Exercise description
Without its pictures, the listing below is to be transcribed exactly.

Data in this exercise
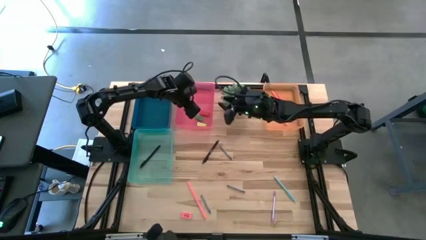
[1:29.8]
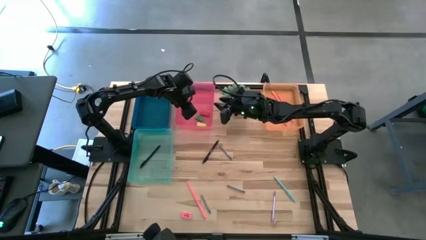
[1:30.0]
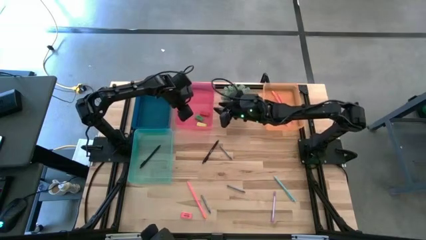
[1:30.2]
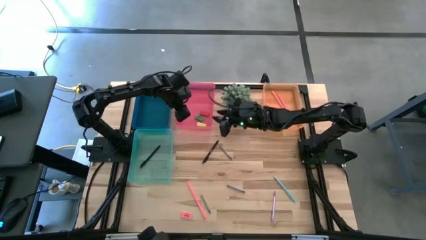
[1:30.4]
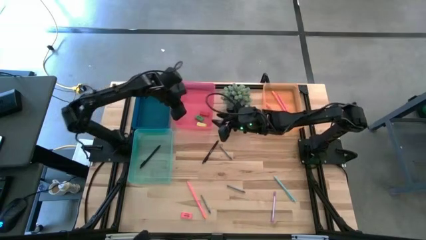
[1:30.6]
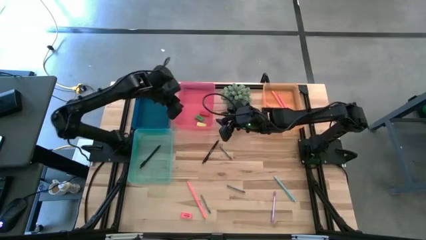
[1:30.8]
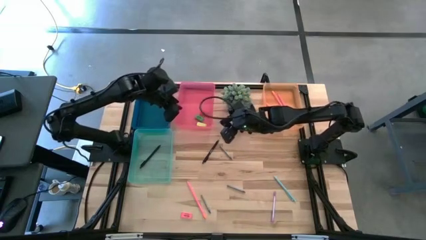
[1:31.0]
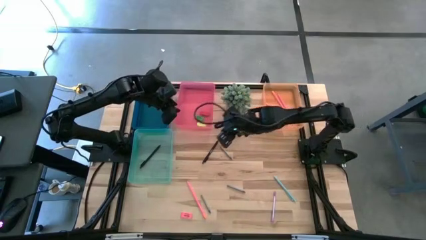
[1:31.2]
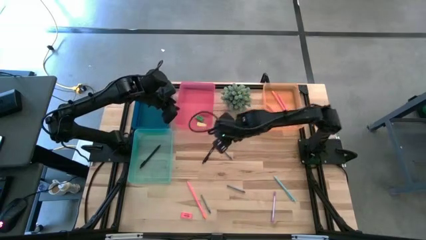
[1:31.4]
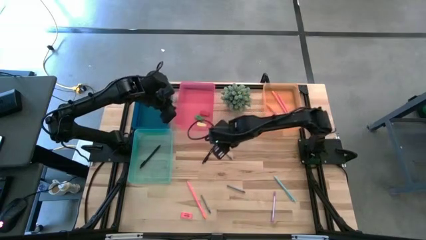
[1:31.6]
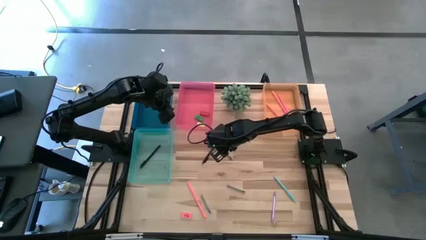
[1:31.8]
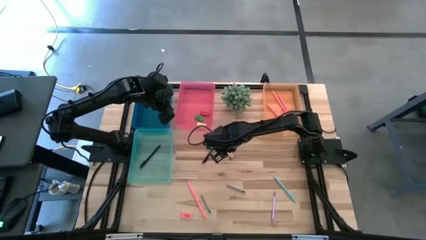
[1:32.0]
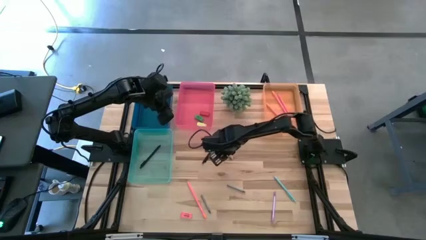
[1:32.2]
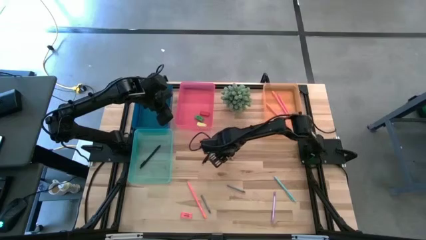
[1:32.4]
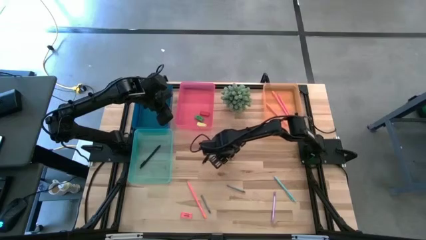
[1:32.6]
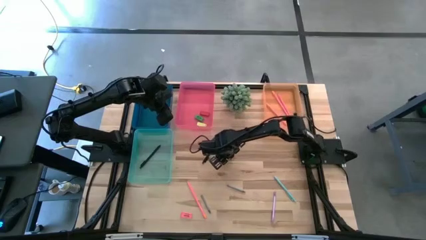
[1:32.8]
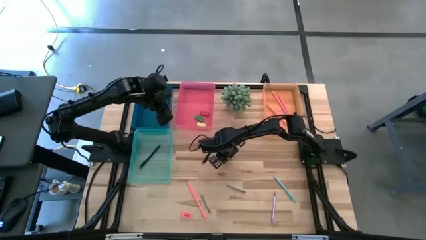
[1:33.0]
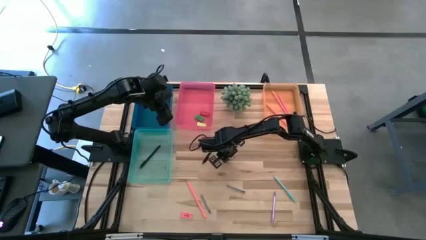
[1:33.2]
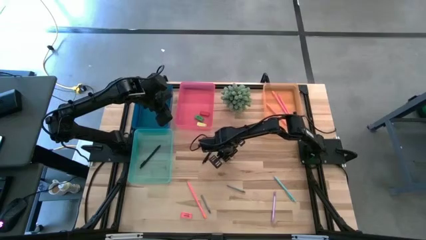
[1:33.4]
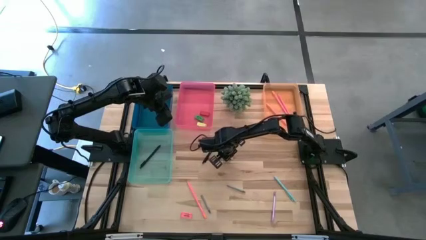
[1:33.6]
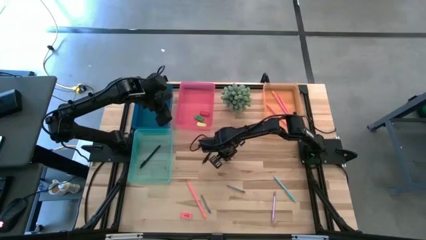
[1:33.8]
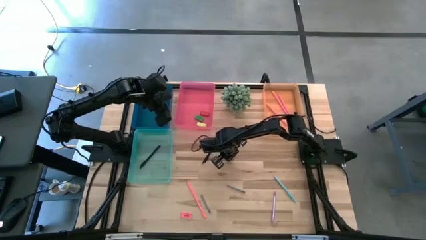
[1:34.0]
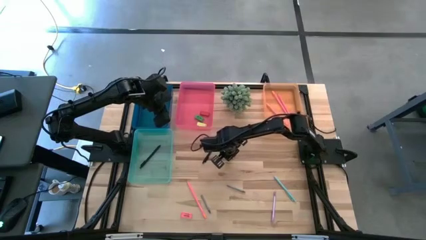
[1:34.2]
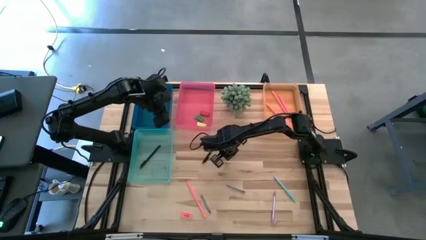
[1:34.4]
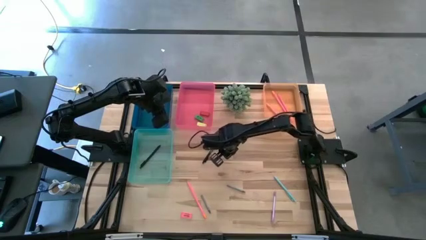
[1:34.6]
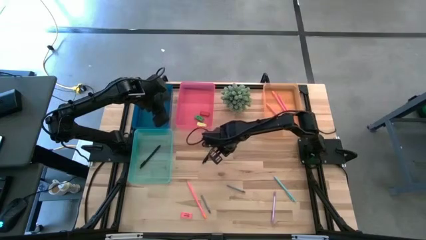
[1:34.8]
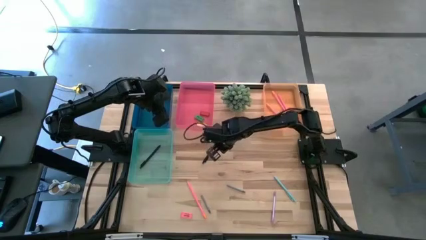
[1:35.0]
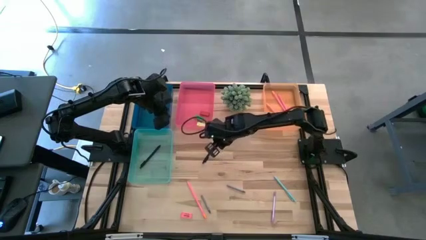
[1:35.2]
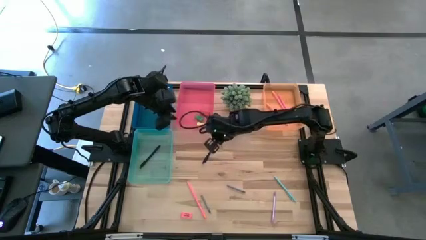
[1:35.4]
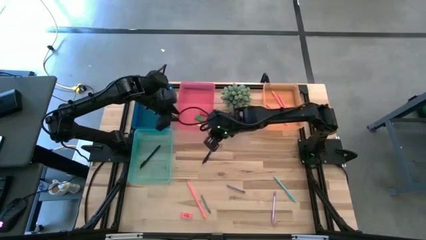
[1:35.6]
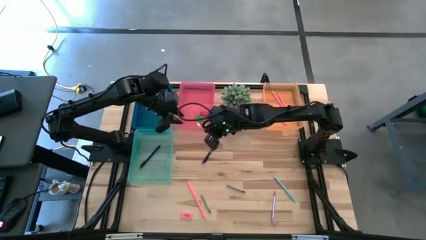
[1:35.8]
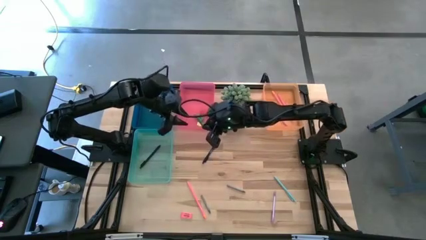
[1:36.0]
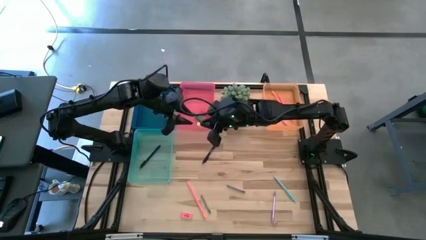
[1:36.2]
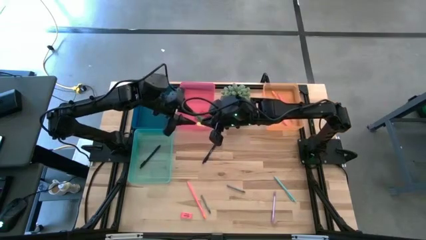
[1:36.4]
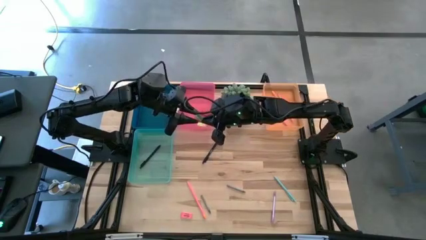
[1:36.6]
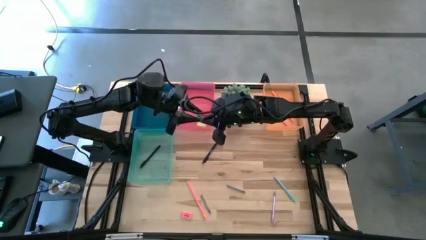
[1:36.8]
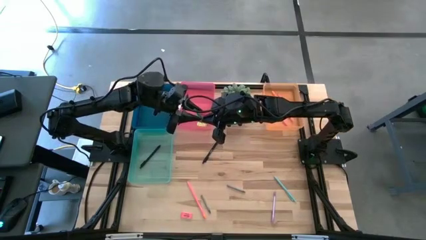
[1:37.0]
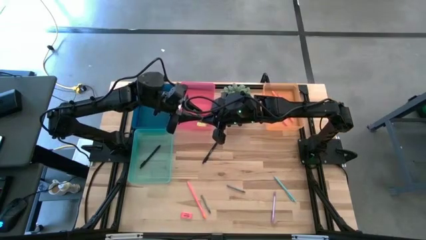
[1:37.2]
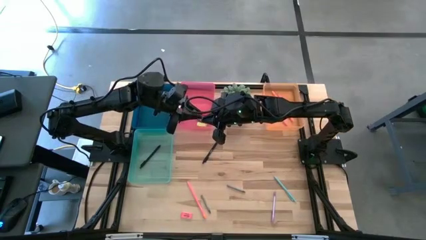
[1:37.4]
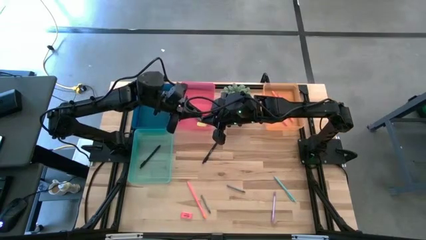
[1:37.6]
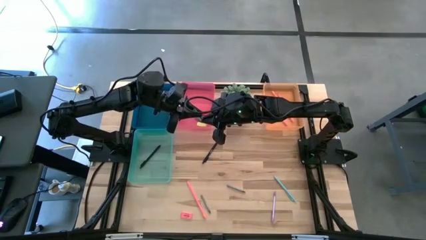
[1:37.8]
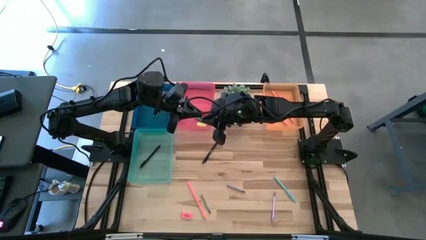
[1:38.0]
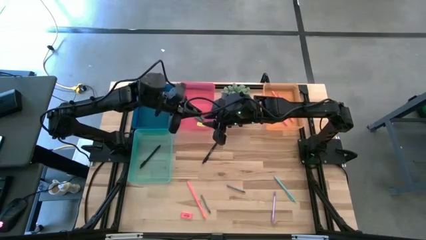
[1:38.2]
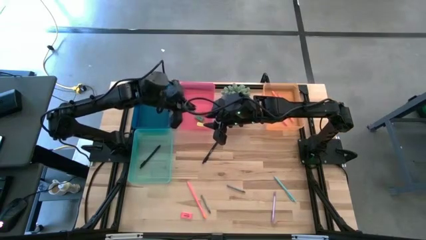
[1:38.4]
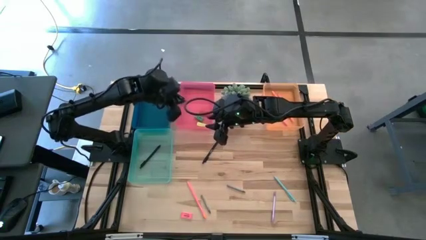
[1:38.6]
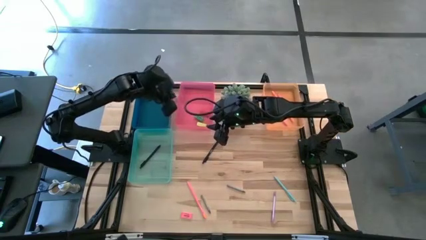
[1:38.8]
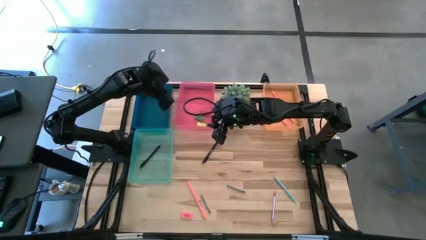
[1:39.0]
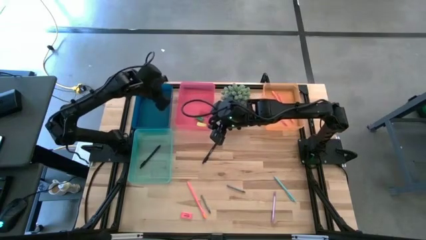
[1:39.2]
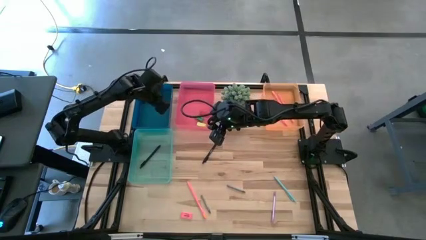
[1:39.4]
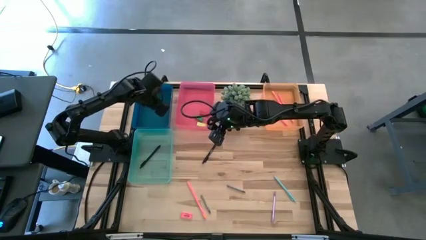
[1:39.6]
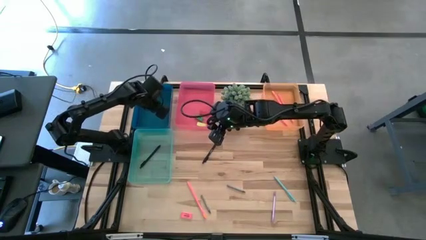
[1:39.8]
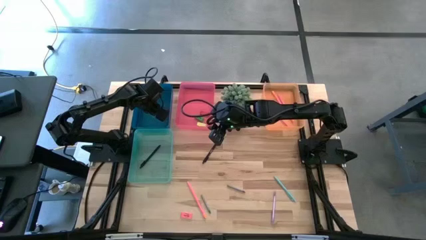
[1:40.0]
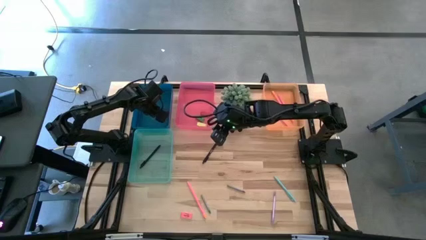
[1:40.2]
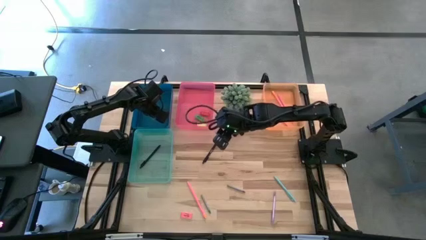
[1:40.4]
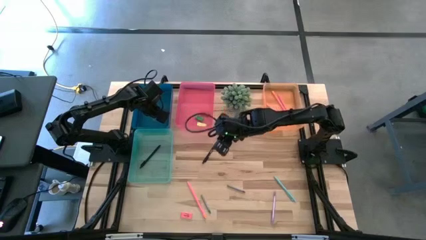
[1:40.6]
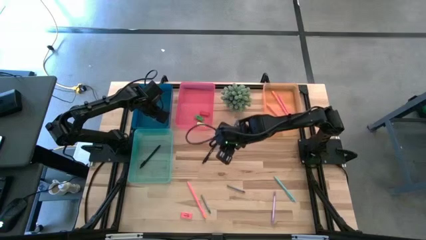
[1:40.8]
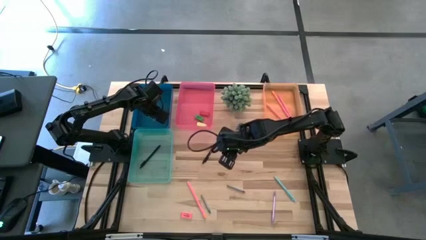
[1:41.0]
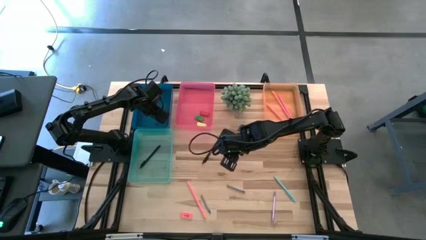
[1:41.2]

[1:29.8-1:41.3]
Task: Sort crayons/erasers/pens/pencils in bins
Put the gray crayon into the blue bin

Written response
[1:29.8]
[1:30.0]
[1:30.2]
[1:30.4]
[1:30.6]
[1:30.8]
[1:31.0]
[1:31.2]
[1:31.4]
[1:31.6]
[1:31.8]
[1:32.0]
[1:32.2]
[1:32.4]
[1:32.6]
[1:32.8]
[1:33.0]
[1:33.2]
[1:33.4]
[1:33.6]
[1:33.8]
[1:34.0]
[1:34.2]
[1:34.4]
[1:34.6]
[1:34.8]
[1:35.0]
[1:35.2]
[1:35.4]
[1:35.6]
[1:35.8]
[1:36.0]
[1:36.2]
[1:36.4]
[1:36.6]
[1:36.8]
[1:37.0]
[1:37.2]
[1:37.4]
[1:37.6]
[1:37.8]
[1:38.0]
[1:38.2]
[1:38.4]
[1:38.6]
[1:38.8]
[1:39.0]
[1:39.2]
[1:39.4]
[1:39.6]
[1:39.8]
[1:40.0]
[1:40.2]
[1:40.4]
[1:40.6]
[1:40.8]
[1:41.0]
[1:41.2]

[1:29.8-1:41.3]
Task: Sort crayons/erasers/pens/pencils in bins
Put the gray crayon into the blue bin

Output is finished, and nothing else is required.